Charles Minot, a Division Superintendent on the Erie Railroad is credited with the first effort to control the movement of a train beyond the rule book and operating timetable, when, in September 1851, he sent a telegram to a railroad employee at another location directing that all trains be held at that point until the train Minot was riding could arrive.

From that beginning, a system of train dispatching evolved. The operating rule book, later standardized for all railroads, contained the basic rules for the operation of trains, such as the meaning of the all fixed, audible and hand signals; the form, format and meaning of train orders; and the duties and obligations of each class of employee. The operating, or official, timetable established train numbers and schedules; meeting points for those trains; showed the length of passing tracks at each station as well as indicating the locations where train orders might be issued and contained a variety of other information which might be necessary or useful to train crews operating trains over the territory covered.

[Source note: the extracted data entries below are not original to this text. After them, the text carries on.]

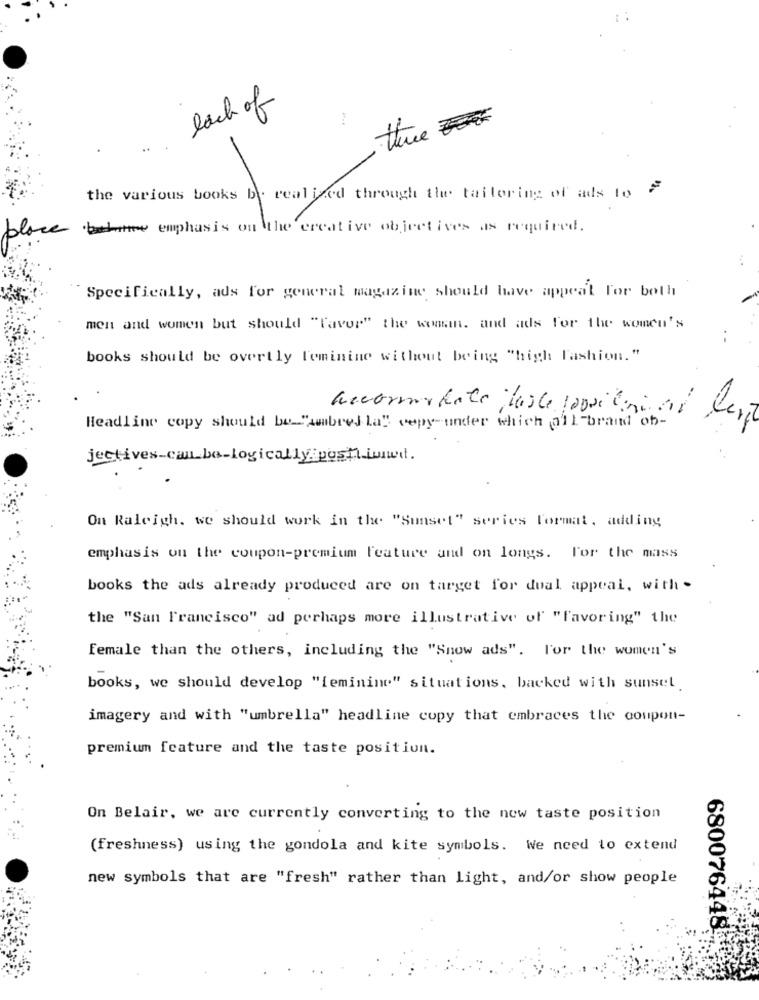
lack of
the various books be realized through the tailoring of ads to F
emphasis on the creative objectives as required.
Specifically, ads for general magazine should have appeal for both
men and women but should "favor" the woman. and ads for the women's
.-
books should be overtly feminine without being "high Fashion."
Headline copy should be_"umabred la" copy-under which all-brand ob-
jectives-can_bo-logically postiwww.
On Raleigh. we should work in the "Sunset" series Format, adding
emphasis on the coupon-premium Feature and on longs. For the mass
books the ads already produced are on target for doal appeal, with -
the "San Francisco" ad perhaps more illustrative of "favoring" the
female than the others, including the "Snow ads". For the women's
books, we should develop "feminino" situations, backed with sunset
imagery and with "umbrella" headline copy that embraces the coupon-
premium feature and the taste position.
On Belair, we are currently converting to the new taste position
(freshness) using the gondola and kite symbols. We need to extend
new symbols that are "fresh" rather than light, and/or show people
680076448
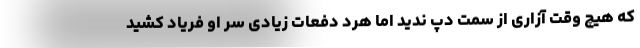
که هیچ وقت آزاری از سمت دپ ندید اما هرد دفعات زیادی سر او فریاد کشید
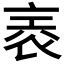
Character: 𧙰
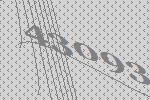
43093
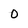
Character: 0
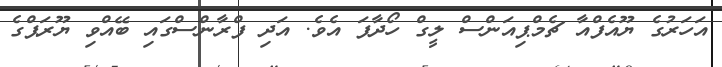
އަހަރުގެ ޔޫއެފްއާ ޗެމްޕިއަންސް ލީގް ހޯދާފަ އެވެ. އަދި ފްރާންސްގައި ބޭއްވި ޔޫރަޕްގެ
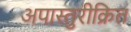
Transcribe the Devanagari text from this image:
अपास्तुरीक्रित
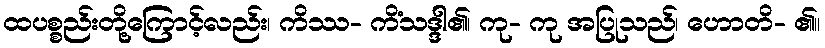
ထပစ္စည်းတို့ကြောင့်လည်း၊ ကိဿ- ကိံသဒ္ဒါ၏၊ ကု- ကု အပြုသည်၊ ဟောတိ- ၏။
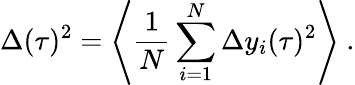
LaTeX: \Delta(\tau)^{2}=\left\langle\frac{1}{N}\sum_{i=1}^{N}\Delta y_{i}(\tau)^{2}\right\rangle~.
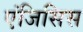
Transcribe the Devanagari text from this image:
एंजिसिस
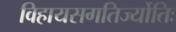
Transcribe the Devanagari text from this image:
विहायसगतिर्ज्योतिः
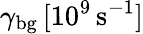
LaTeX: \gamma_{\mathrm{bg}}\, [10^{9}\, \mathrm{s^{-1}}]
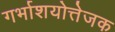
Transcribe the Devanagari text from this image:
गर्भाशयोत्तेजक
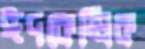
ঈদকেন্দ্রিক
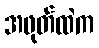
အဖုတ်ထဲက
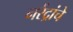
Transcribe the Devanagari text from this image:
नरेंद्रांचे
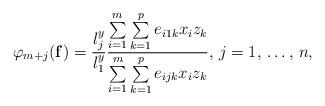
LaTeX: \begin{align*}\varphi_{m+j}(\mathbf{f})=\frac{l_{j}^{y}}{l_{1}^{y}}\frac{\sum\limits_{i=1}^m \sum\limits_{k=1}^p {e_{i1k}x_{i}z_{k}} }{\sum\limits_{i=1}^m \sum\limits_{k=1}^p {e_{ijk}x_{i}z_{k}} },\thinspace j=1,\thinspace \mathellipsis ,\thinspace n,\end{align*}
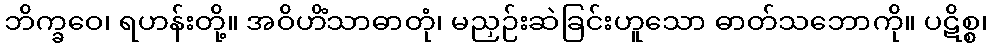
ဘိက္ခဝေ၊ ရဟန်းတို့။ အဝိဟိံသာဓာတုံ၊ မညှဉ်းဆဲခြင်းဟူသော ဓာတ်သဘောကို။ ပဋိစ္စ၊
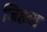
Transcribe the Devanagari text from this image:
जिहवा
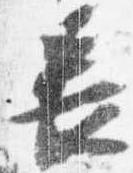
長
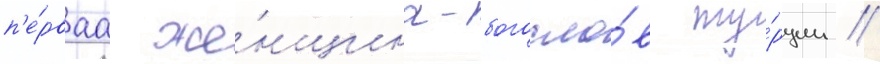
п'е́рваа же́нщина-богосло́в ту́рции /
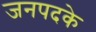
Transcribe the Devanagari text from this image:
जनपदके
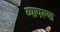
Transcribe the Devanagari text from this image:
व्यापल्या
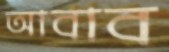
আবাব
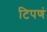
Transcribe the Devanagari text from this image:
टिपणं
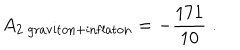
A _ { 2 \; \mathrm { g r a v i t o n } + \mathrm { i n f l a t o n } } = - { \frac { 1 7 1 } { 1 0 } } \; .

Train orders supplemented the timetable and the rule book. They were addressed to a particular train or trains and directed that train or trains to do whatever the train dispatcher had decided needed to be done: meet another train, wait at specified locations, run late on its published schedule, be cautious under the circumstances described or numerous other actions.

Train dispatchers are required to be intimately familiar with the physical characteristics of the railroad territory for which they are responsible, as well as the operating capabilities of the locomotive power being used. Experienced train dispatchers learned the idiosyncrasies of the locomotive engineers and train conductors and melded that knowledge into the operating decisions made. An efficient train dispatcher could utilize the rule book, timetable, train orders and personal experience to move a large number of trains over the assigned territory with minimal delay to any train, even in single-track territory.

Initially, train dispatchers issued train orders using American Morse code over telegraph wires. Later, after the telephone was invented in 1876 and became common, most railroads constructed their own telephone systems, for internal communications, which the train dispatchers used to issue train orders. The last train order known to have been issued using Morse code was copied at Whitehall, Montana, on May 6, 1982, on the Burlington Northern Railroad.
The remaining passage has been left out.